Figure 7. In vivo experiments with xenograft AML mouse models demonstrate that leukemic cells are dependent on SSP in fructose-rich conditions.

Figure 7.

(A) Glucose and fructose concentration in bone marrow of xenograft leukemia mice and healthy mice measured at 30 min. after IP injection of fructose (4 g/kg).

(B) Schematic of the in vivo experiment with infusion of [U-13C6] glucose or fructose. NSG mice transplanted with MOLM13 cells were grouped into three different experimental conditions; one group for glucose infusion, another for fructose infusion, and the other for fructose infusion with PHGDH inhibitor (NCT-503) treatment.
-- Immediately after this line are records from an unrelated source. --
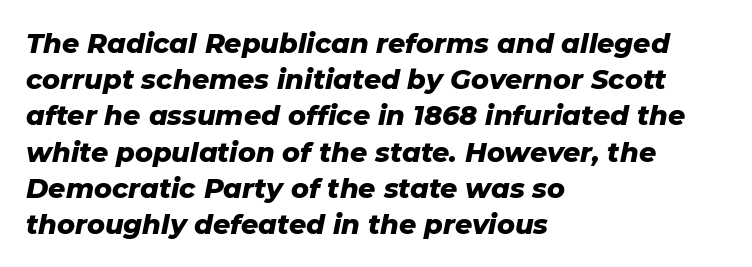
{"italic": "yes", "lean": "right", "slant_degrees": 11, "bold": "yes", "underline": "no", "align": "left", "line_spacing": "normal", "line_spacing_ratio": 1.34, "letter_spacing": "normal", "letter_spacing_em": 0.0, "glyph_px": 27}
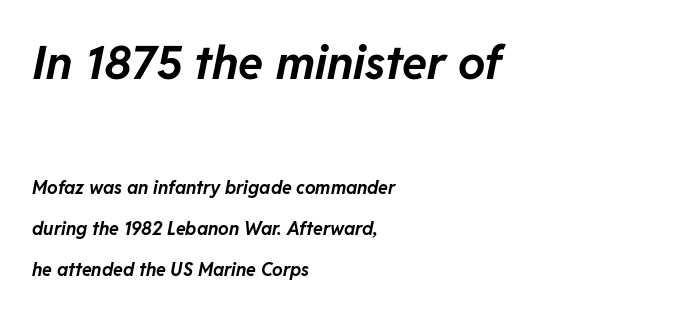
The lettering tilts uniformly, giving the passage an italic look. Anything drawn beneath the words? Only blank space. The rendering keeps characters at their native spacing. Every row of glyphs begins at an identical x-position on the left. Students, this is bold: see how much ink each stroke carries.
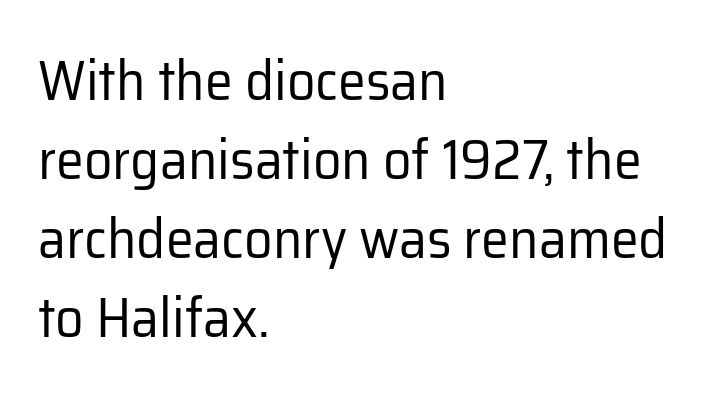
{"serif": "no", "italic": "no", "bold": "no", "weight": "regular", "width": "normal", "stroke_contrast": "low", "x_height": "medium", "monospaced": "no", "underline": "no", "align": "left", "line_spacing": "normal", "line_spacing_ratio": 1.41, "letter_spacing": "normal", "letter_spacing_em": 0.0, "glyph_px": 56}
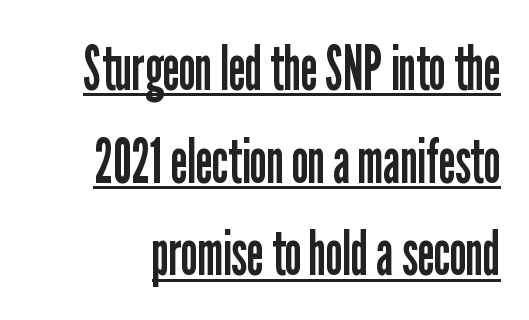
{"serif": "no", "italic": "no", "bold": "no", "weight": "regular", "width": "condensed", "stroke_contrast": "low", "x_height": "medium", "monospaced": "no", "underline": "yes", "line_spacing": "normal", "line_spacing_ratio": 1.47, "letter_spacing": "normal", "letter_spacing_em": 0.0, "glyph_px": 63}
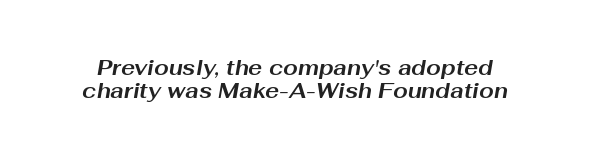
The image shows 21 px bold type, italic (leaning right); set tight line spacing (1.08x), normal letter spacing, not underlined.
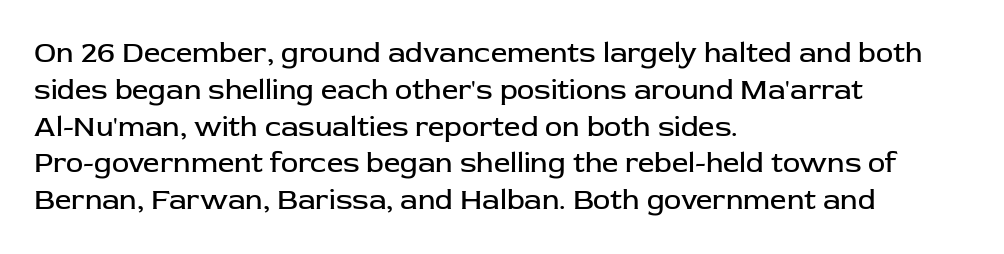
Is this a sans? Yes — the strokes have no serifs. Caption: multi-line text, flush left, ragged right. Vertical strokes here are truly vertical. No heavy texture on the line: the type isn't bold. Note the varied advance widths — an 'i' is clearly narrower than an 'm'.
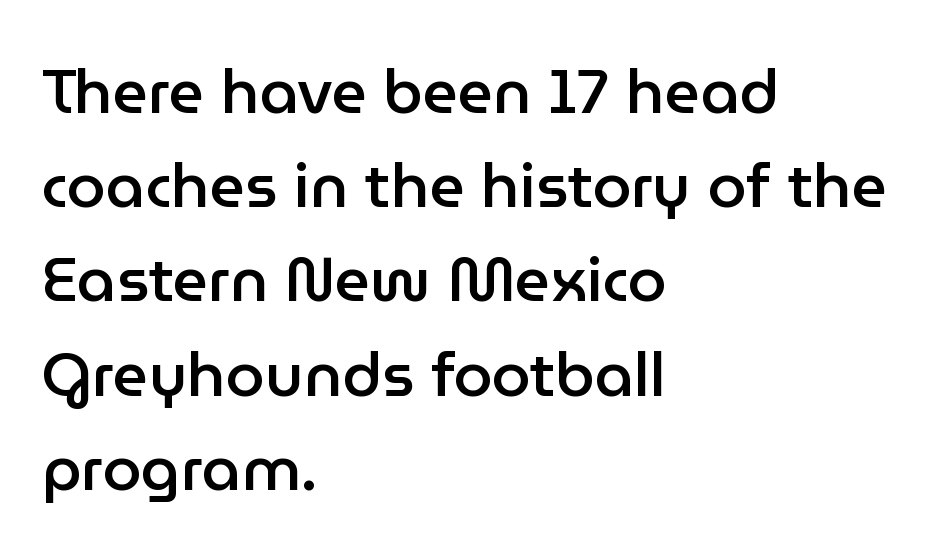
The image shows 62 px semibold sans-serif type, upright; set left-aligned, normal line spacing (1.52x), normal letter spacing, not underlined; low stroke contrast and a medium x-height.
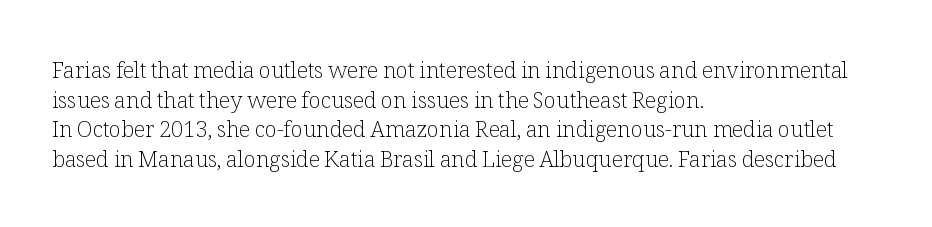
Q: Is the text bold? A: No.
Q: Is the text italic (slanted)? A: No, it is upright.
Q: Is the text underlined? A: No.
Q: How is the paragraph aligned? A: Left-aligned.
Q: Is the spacing between letters normal or unusually wide? A: Normal.
Q: Is the spacing between lines tight, normal or loose? A: Normal.
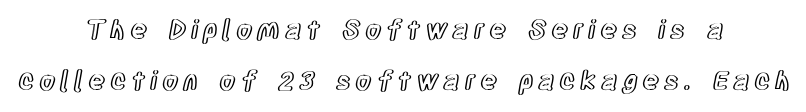
Q: Is the text italic (slanted)? A: Yes.
Q: Is the text underlined? A: No.
Q: How is the paragraph aligned? A: Centered.
Q: Is the spacing between lines tight, normal or loose? A: Loose.
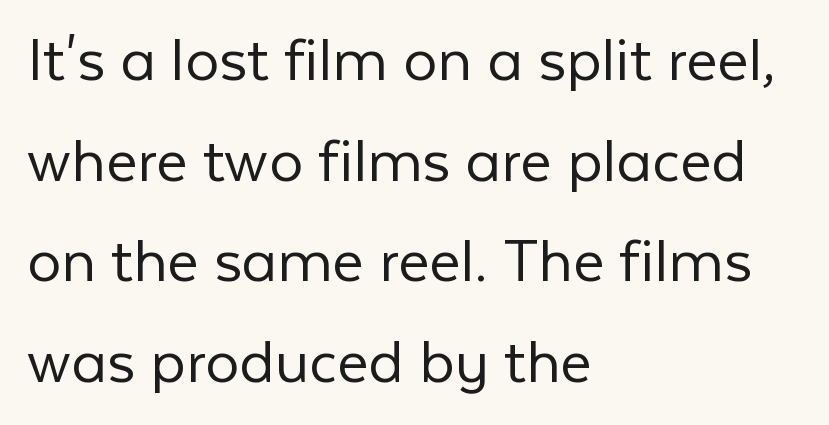
Q: Is the text bold? A: No.
Q: Is the text italic (slanted)? A: No, it is upright.
Q: Is the typeface a serif or a sans-serif typeface? A: Sans-serif.
Q: Is the text underlined? A: No.
Q: How is the paragraph aligned? A: Left-aligned.
Q: Is the spacing between letters normal or unusually wide? A: Normal.
Q: Is the spacing between lines tight, normal or loose? A: Normal.
Q: Width (condensed, normal, or wide)? A: Normal.
Q: Stroke contrast? A: Low.
Q: x-height? A: Medium.
Q: Monospaced? A: No.

GLC, glucose; FRC, fructose; PHGDHi, PHGDH inhibitor. 5 hours after injection, all the mice were sacrificed and human leukemic cells were isolated from mouse bone marrow based on hCD45 marker.
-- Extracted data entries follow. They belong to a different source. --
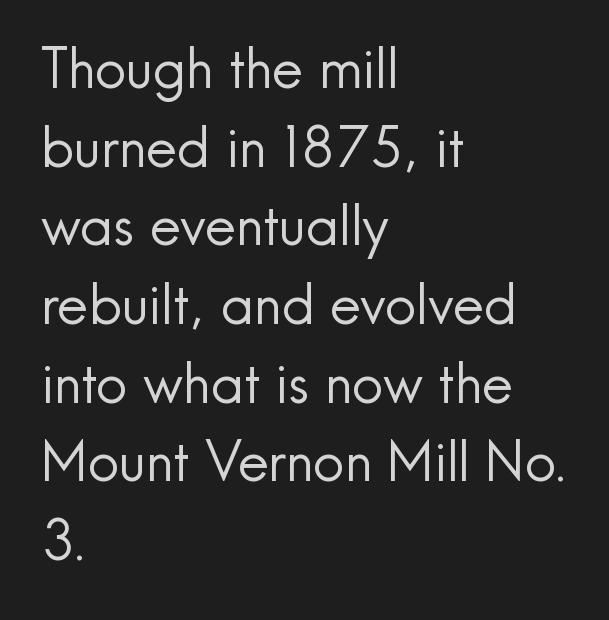
Bare-footed words on every line. Reading down the column, the eye jumps a familiar distance to each next line. This rendering leaves character spacing at its baseline value. The face used here is proportionally spaced, like ordinary book or web type.
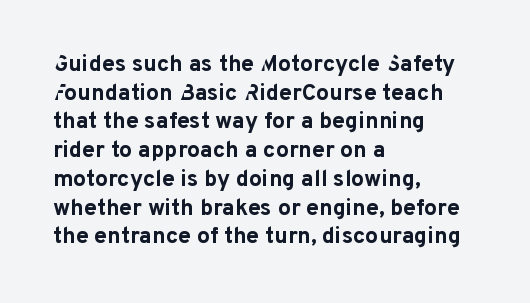
In CSS terms this would be text-align: left. On the weight axis this lands at bold, roughly 700. No word sits above an underline. Regarding leading, the lines here are spaced in the standard way. Quick note: not italic, upright. Glyph-to-glyph distance matches everyday printed text.
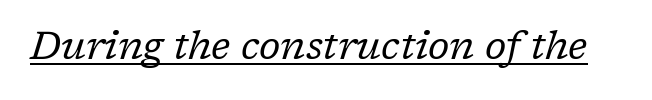
Q: Is the text bold? A: No.
Q: Is the text italic (slanted)? A: Yes, it leans right by about 17 degrees.
Q: Is the typeface a serif or a sans-serif typeface? A: Serif.
Q: Is the text underlined? A: Yes.
Q: Is the spacing between letters normal or unusually wide? A: Normal.
Q: Width (condensed, normal, or wide)? A: Normal.
Q: Stroke contrast? A: Low.
Q: x-height? A: Medium.
Q: Monospaced? A: No.
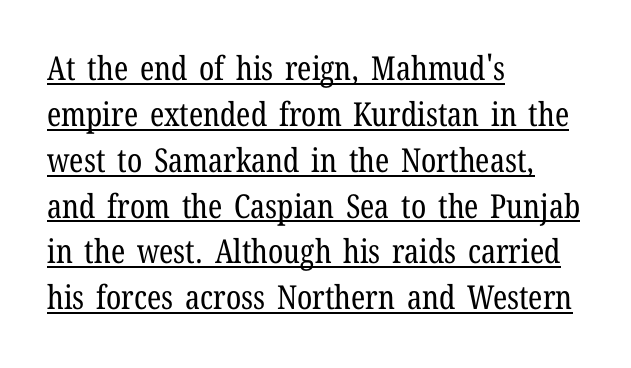
Q: Is the text bold? A: No.
Q: Is the text italic (slanted)? A: No, it is upright.
Q: Is the typeface a serif or a sans-serif typeface? A: Serif.
Q: Is the text underlined? A: Yes.
Q: How is the paragraph aligned? A: Left-aligned.
Q: Is the spacing between letters normal or unusually wide? A: Normal.
Q: Is the spacing between lines tight, normal or loose? A: Normal.
Q: Width (condensed, normal, or wide)? A: Condensed.
Q: Stroke contrast? A: Low.
Q: x-height? A: Medium.
Q: Monospaced? A: No.
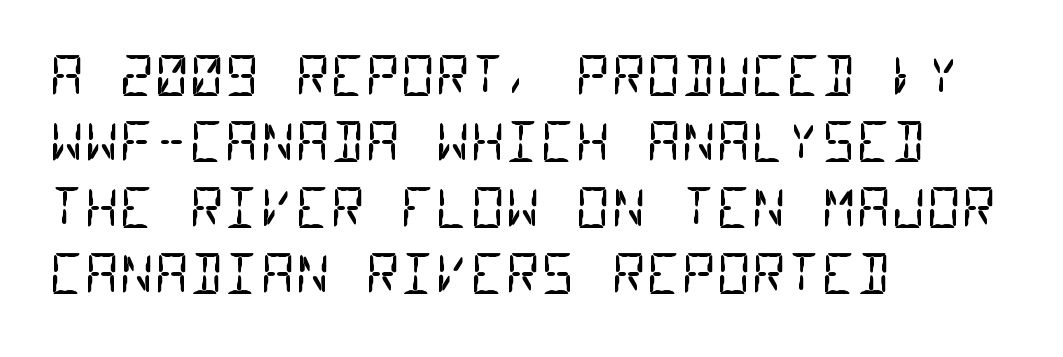
Q: Is the text bold? A: No.
Q: Is the typeface a serif or a sans-serif typeface? A: Sans-serif.
Q: Is the text underlined? A: No.
Q: How is the paragraph aligned? A: Left-aligned.
Q: Is the spacing between letters normal or unusually wide? A: Normal.
Q: Width (condensed, normal, or wide)? A: Condensed.
Q: Stroke contrast? A: Low.
Q: x-height? A: Large.
Q: Monospaced? A: Yes.
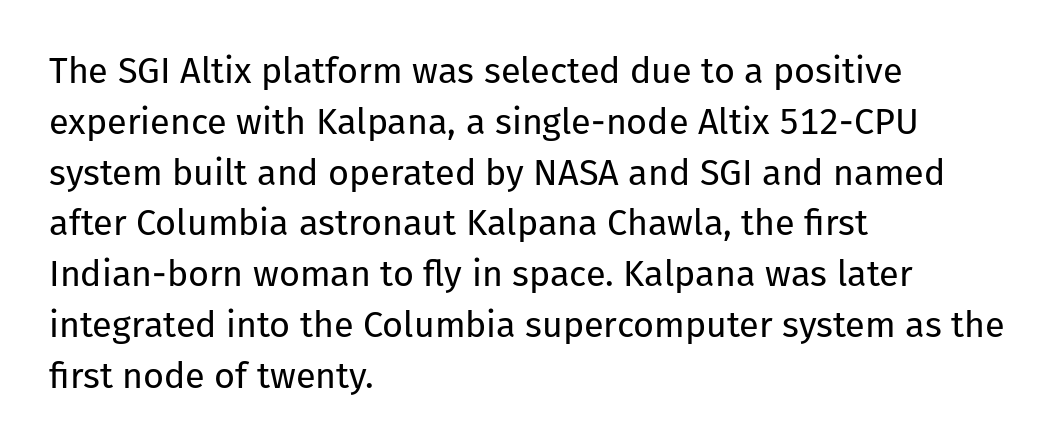
The image shows 36 px regular-weight sans-serif type, upright; set left-aligned, normal line spacing (1.41x), normal letter spacing, not underlined; low stroke contrast and a medium x-height.

(C) Enrichment of glycine (m+2) in the cells collected in the experiment (B). n = 9 for the [U-13C6] glucose infusion group, n = 8 for the [U-13C6] fructose infusion group, n = 10 for the [U-13C6] fructose infusion with PHGDH inhibitor treatment group.

(D) Schematic of the in vivo experiment with doxycycline-inducible PHGDH knockdown. NSG mice transplanted with MOLM13 cells with sh-Ctrl or sh2-PHGDH (Figure 5B) were grouped into three different experimental conditions; one group for serial IP injection of glucose (4 g/kg), another for fructose (4 g/kg), and the other for PBS three times a week. After four weeks of injection, all the mice were sacrificed and the engraftment of human leukemic cells was analyzed based on hCD45 marker.
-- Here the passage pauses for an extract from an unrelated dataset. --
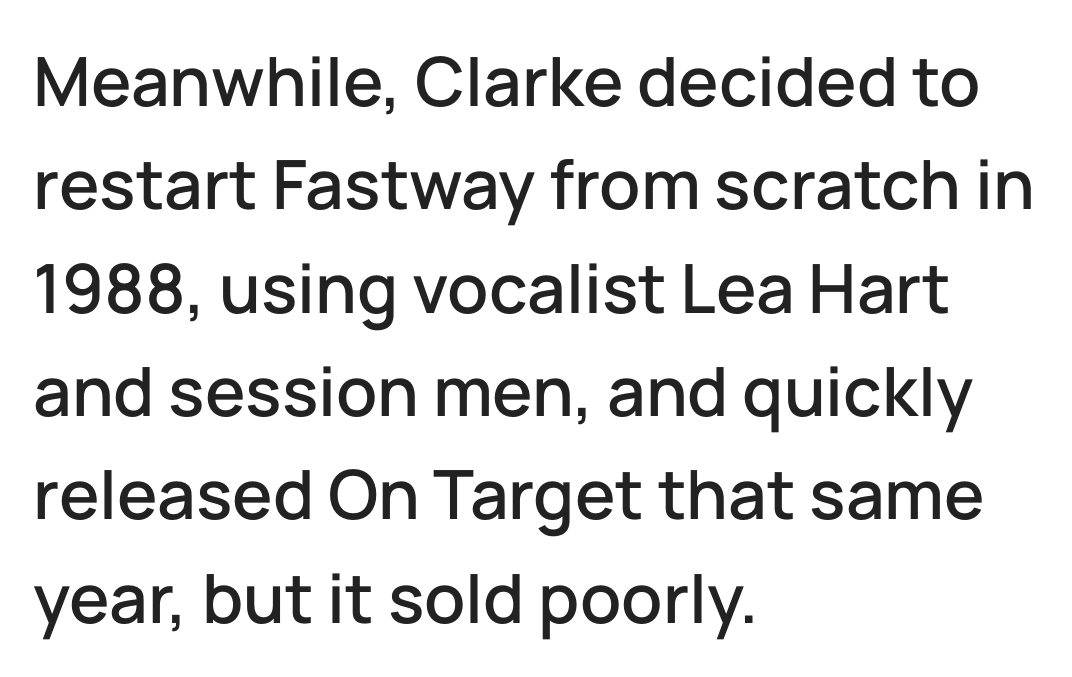
{"serif": "no", "italic": "no", "width": "normal", "stroke_contrast": "low", "x_height": "medium", "monospaced": "no", "underline": "no", "align": "left", "line_spacing": "normal", "line_spacing_ratio": 1.52, "letter_spacing": "normal", "letter_spacing_em": 0.0, "glyph_px": 68}
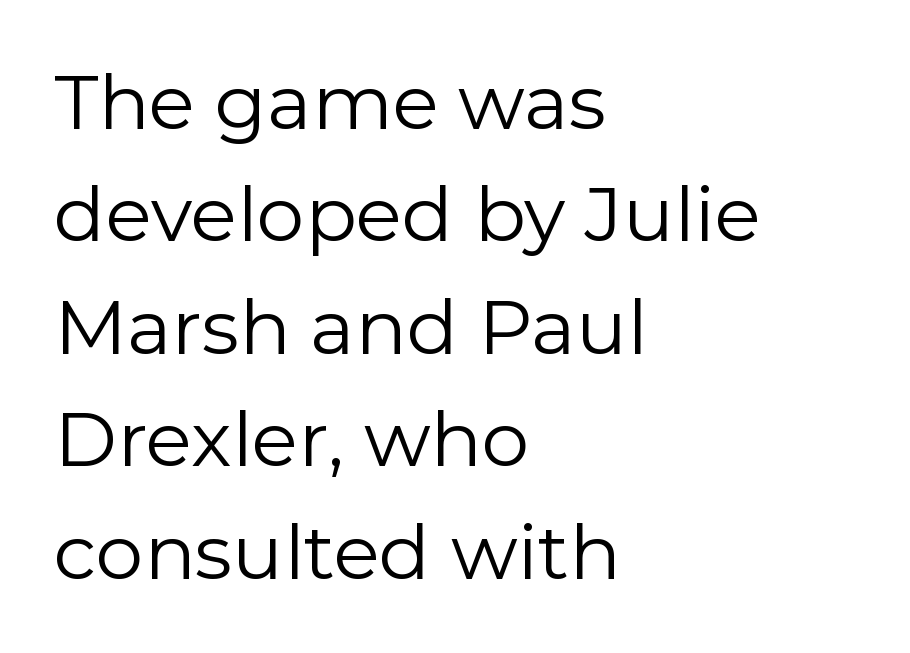
{"serif": "no", "italic": "no", "bold": "no", "weight": "regular", "width": "normal", "stroke_contrast": "low", "x_height": "medium", "monospaced": "no", "underline": "no", "align": "left", "line_spacing": "normal", "line_spacing_ratio": 1.48, "letter_spacing": "normal", "letter_spacing_em": 0.0, "glyph_px": 76}

(E) Engraftment level of hCD45+ cells in bone marrow from the mice in the experiment (D).

(F) Schematic of the in vivo experiment with a patient-derived AML mouse model (cells from Patient 5 in Figure 3I and Table S1). One group was for fructose (4 g/kg) along with vehicle treatment, and the other group was for fructose along with NCT-503 (40 mg/kg) treatment. After 6 weeks of daily injection, all the mice were sacrificed and the engraftment of human leukemic cells was analyzed based on hCD45 marker.

(G) Engraftment level of hCD45+ cells in bone marrow from the mice in the experiment (F). Statistical analyses were conducted with unpaired two-tailed t-test: *P < 0.05, **P < 0.01, ***P < 0.001, ****P < 0.0001. GLC, glucose; FRC, fructose.